In [1]:
# Dependencies
from matplotlib import pyplot as plt
from scipy import stats
import numpy as np
import pandas as pd
from pathlib import Path

In [2]:
# set path
crime_all_path = "crime-data/combined_wacrime.csv"

# read the csv file into pandas and remove unnamed columns
crime_all_df = pd.read_csv(crime_all_path, index_col=0, encoding="UTF-8")
crime_all_df.loc[:, ~crime_all_df.columns.str.contains('Unnamed')]
crime_all_df = crime_all_df.dropna(how="any", axis=0)

In [27]:
# drop the total columns
crime_all_df_totals = crime_all_df[['Month and Year',
                                    'Homicide Total', 
                                   'Recent Sexual Offence Total', 
                                   'Historical Sexual Offence Total',
                                   'Assault (Family) Total',
                                   'Assault (Non-Family) Total',
                                   'Threatening Behaviour (Family) Total',
                                   'Threatening Behaviour (Non-Family) Total',
                                   'Deprivation of Liberty Total',
                                   'Robbery Total',
                                   'Burglary Total',
                                   'Stealing of Motor Vehicle',
                                   'Stealing Total',
                                   'Property Damage Total',
                                   'Arson Total',
                                   'Drug Offences Total',
                                   'Receiving and Possession of Stolen Property Total',
                                   'Regulated Weapons Offences',
                                   'Graffiti',
                                   'Fraud & Related Offences Total',
                                   'Breach of Violence Restraint Order Total'
                                    ]]
crime_all_df_totals

In [28]:
# drop null values and convert dtype
no_date = crime_all_df_totals.drop(columns=["Month and Year"])
no_date = no_date.astype(int)
no_date

In [29]:
#count the total numbers of each type of crime
count_totals = no_date.loc[:, "Homicide Total" : "Breach of Violence Restraint Order Total"].sum()
count_totals

In [30]:
round(count_totals.describe(), 2)

In [31]:
#display above results in bar graph from higest to lowest
totals_plot = count_totals.sort_values().plot(kind='barh', figsize=(8,10), alpha=1, align="edge")
plt.ylabel("Type of crime")
plt.xlabel("Total number")
plt.title("Highest to lowest type of crimes in WA from Jan 07 - Sep 23")

# save the fig
plt.savefig("crime-data/Fig1.png", bbox_inches="tight")

plt.show()

In [33]:
# find the top highest totals and create a string for the remaining
high_five = count_totals.sort_values(ascending=False).head(5)
other_highfive = count_totals.sort_values(ascending=False).tail(15).sum()

In [32]:
# enter above found data in a list and plot as pie to visualise top 5 and a slice for all others
slices = ['Stealing Total', 'Property Damage Total ', 'Burglary Total', 'Drug Offences Total', 'Fraud & Related Offences Total', 'Others']
numbers_top = [2601045, 1096425, 1063386, 783887, 690245, 2384598]
colors = ["yellowgreen", "red", "deepskyblue", "lightcoral", "purple", "slategrey"]

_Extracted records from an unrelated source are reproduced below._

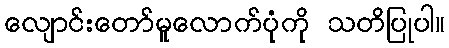
လျောင်းတော်မူလောက်ပုံကို သတိပြုပါ။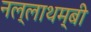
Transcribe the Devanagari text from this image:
नल्लाथम्बी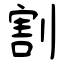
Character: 割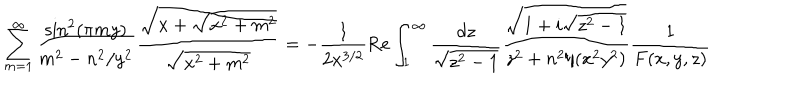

plt.pie(numbers_top, labels=slices, colors=colors,
        autopct="%1.1f%%", shadow=True, startangle=140)

plt.axis("equal")
plt.title("Top 5 crimes in WA 2007-23")
plt.savefig("crime-data/Fig2.png", bbox_inches="tight")
plt.show()

In [34]:
#group all areas and drop metroplitan/regional as its overlapping
region_grouped = no_date.groupby(['Region'])
region_totals = region_grouped.sum().transpose()
region_totals = region_totals.drop(columns=["Metropolitan", "Regional"])
region_totals

In [35]:
# create a stacked bar graph for all types against areas
region_totals = pd.DataFrame(region_totals)

region_totals.plot(kind="barh", stacked=True, figsize=(10,12), alpha=1)
plt.title("Numbers of different types of crimes displayed by areas 2007-2023")
plt.xlabel("Number of each crime")
plt.ylabel("Types of crime")
plt.savefig("crime-data/Fig3.png", bbox_inches="tight")
plt.show()

In [36]:
# Rename Month and year column to Date
crime_all_df_totals = crime_all_df_totals.rename(columns={'Month and Year': 'Date'})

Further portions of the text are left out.